Some places are famous because they gave name to geological time periods. Devon in England gave name to the Devonian, because English geologists described rocks of that age from there. The Jurassic is from the Jura Mountains in France and Switzerland (Une Vengeance for the Devonian?). The Permian got its name far away, from ancient kingdom of Permia, at the foothills of the Ural mountains in Russia, where the city of Perm now resides.
This summer, I got the opportunity to go pilgrimage to this special place, at a joint oil company excursion, led by Russian oil company Lukoil. Two hours flight eastwards from Moscow is literally as long as a flight along Norway from South to North and the farthest East I have been – but compared to the vast endlessness of Siberia it is nothing.
Perm city is a hub at the intersection between the mighty river Kama (which southwards becomes Volga), and the Transsiberian Railroad, and – largely because of the Permian rocks – an important centre for oil production, refineries and related industry. It is quite wealthy by Russian standard, and a fascinating mix of buildings from the Czardom, Soviet time and after. In geo-speak, Perm’s real estate stratigraphy consists of pre-Soviet timber houses and elegant (but worn) apartment buildings, syn-Soviet concrete blocks with a characteristic pattern of oversized bricks without any cover, and post-Soviet modern office buildings and apartment blocks, some in a style I call “back to the 80s retro-psychedelic”. New motorways lie side by side with bumpy roads and old tramlines.
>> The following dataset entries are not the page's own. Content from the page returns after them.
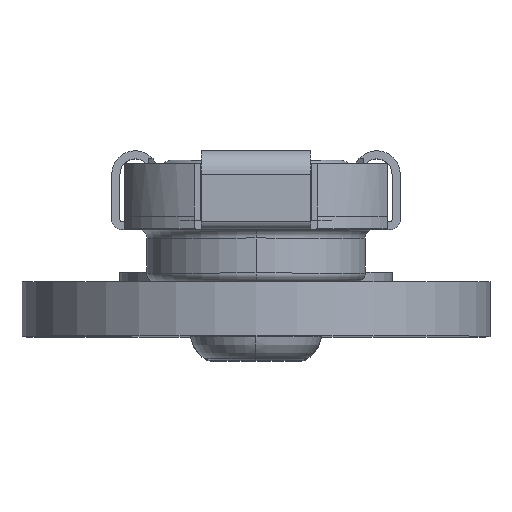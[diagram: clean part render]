
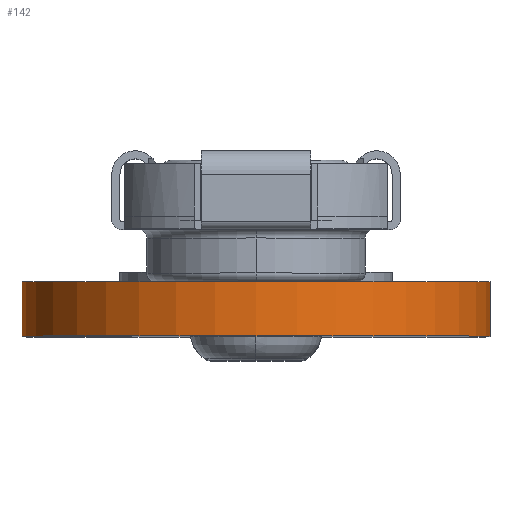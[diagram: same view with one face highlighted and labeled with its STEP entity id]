
A CAD part, top view. The second image highlights one B-rep face of the part: STEP entity #142.
In plain terms, the highlighted cylindrical face has radius 6.795 mm (diameter 13.589 mm), a partial arc.
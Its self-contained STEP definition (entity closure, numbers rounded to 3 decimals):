
#142 = ADVANCED_FACE ( 'NONE', ( #2349 ), #2368, .T. ) ;
#143 = ORIENTED_EDGE ( 'NONE', *, *, #556, .T. ) ;
#311 = ORIENTED_EDGE ( 'NONE', *, *, #378, .T. ) ;
#319 = EDGE_LOOP ( 'NONE', ( #143, #381, #383, #311 ) ) ;
#378 = EDGE_CURVE ( 'NONE', #430, #557, #974, .T. ) ;
#381 = ORIENTED_EDGE ( 'NONE', *, *, #382, .F. ) ;
#382 = EDGE_CURVE ( 'NONE', #427, #548, #970, .T. ) ;
#383 = ORIENTED_EDGE ( 'NONE', *, *, #432, .F. ) ;
#427 = VERTEX_POINT ( 'NONE', #1454 ) ;
#430 = VERTEX_POINT ( 'NONE', #1449 ) ;
#432 = EDGE_CURVE ( 'NONE', #430, #427, #1550, .T. ) ;
#548 = VERTEX_POINT ( 'NONE', #1578 ) ;
#556 = EDGE_CURVE ( 'NONE', #557, #548, #1567, .T. ) ;
#557 = VERTEX_POINT ( 'NONE', #1562 ) ;
#967 = DIRECTION ( 'NONE',  ( 0., -1., 0. ) ) ;
#968 = VECTOR ( 'NONE', #967, 1000. ) ;
#969 = CARTESIAN_POINT ( 'NONE',  ( 8.985, -0.547, 6.1 ) ) ;
#970 = LINE ( 'NONE', #969, #968 ) ;
#971 = DIRECTION ( 'NONE',  ( 0., -1., 0. ) ) ;
#972 = VECTOR ( 'NONE', #971, 1000. ) ;
#973 = CARTESIAN_POINT ( 'NONE',  ( -4.604, -0.547, 6.1 ) ) ;
#974 = LINE ( 'NONE', #973, #972 ) ;
#1448 = CARTESIAN_POINT ( 'NONE',  ( 2.191, -0.547, 6.1 ) ) ;
#1449 = CARTESIAN_POINT ( 'NONE',  ( -4.604, -0.547, 6.1 ) ) ;
#1454 = CARTESIAN_POINT ( 'NONE',  ( 8.985, -0.547, 6.1 ) ) ;
#1547 = DIRECTION ( 'NONE',  ( 0., 0., -1. ) ) ;
#1548 = DIRECTION ( 'NONE',  ( 0., 1., 0. ) ) ;
#1549 = AXIS2_PLACEMENT_3D ( 'NONE', #1448, #1548, #1547 ) ;
#1550 = CIRCLE ( 'NONE', #1549, 6.794 ) ;
#1562 = CARTESIAN_POINT ( 'NONE',  ( -4.604, -2.121, 6.1 ) ) ;
#1563 = DIRECTION ( 'NONE',  ( 0., 0., -1. ) ) ;
#1564 = DIRECTION ( 'NONE',  ( 0., 1., 0. ) ) ;
#1565 = CARTESIAN_POINT ( 'NONE',  ( 2.191, -2.121, 6.1 ) ) ;
#1566 = AXIS2_PLACEMENT_3D ( 'NONE', #1565, #1564, #1563 ) ;
#1567 = CIRCLE ( 'NONE', #1566, 6.794 ) ;
#1578 = CARTESIAN_POINT ( 'NONE',  ( 8.985, -2.121, 6.1 ) ) ;
#2349 = FACE_OUTER_BOUND ( 'NONE', #319, .T. ) ;
#2365 = DIRECTION ( 'NONE',  ( 0., 0., -1. ) ) ;
#2366 = DIRECTION ( 'NONE',  ( 0., -1., 0. ) ) ;
#2367 = AXIS2_PLACEMENT_3D ( 'NONE', #2471, #2366, #2365 ) ;
#2368 = CYLINDRICAL_SURFACE ( 'NONE', #2367, 6.794 ) ;
#2471 = CARTESIAN_POINT ( 'NONE',  ( 2.191, -0.547, 6.1 ) ) ;

The Permian period was actually bapthised by an English geologist, whose full alphabet soup title was Sir Roderick Impey Murchison, 1st Baronet KCB DCL FRS FRSE FLS PRGS PBA MRIA, born 22th of February 1792. Murchison was the son of a wealthy family, so after school and the mandatory English Gentleman’s Years In The Army, he married and spent his time hunting foxes. His wife, Charlotte, got interested in geology and, together with the chemist Sir Humphry Davy, convinced her husband to take up the subject.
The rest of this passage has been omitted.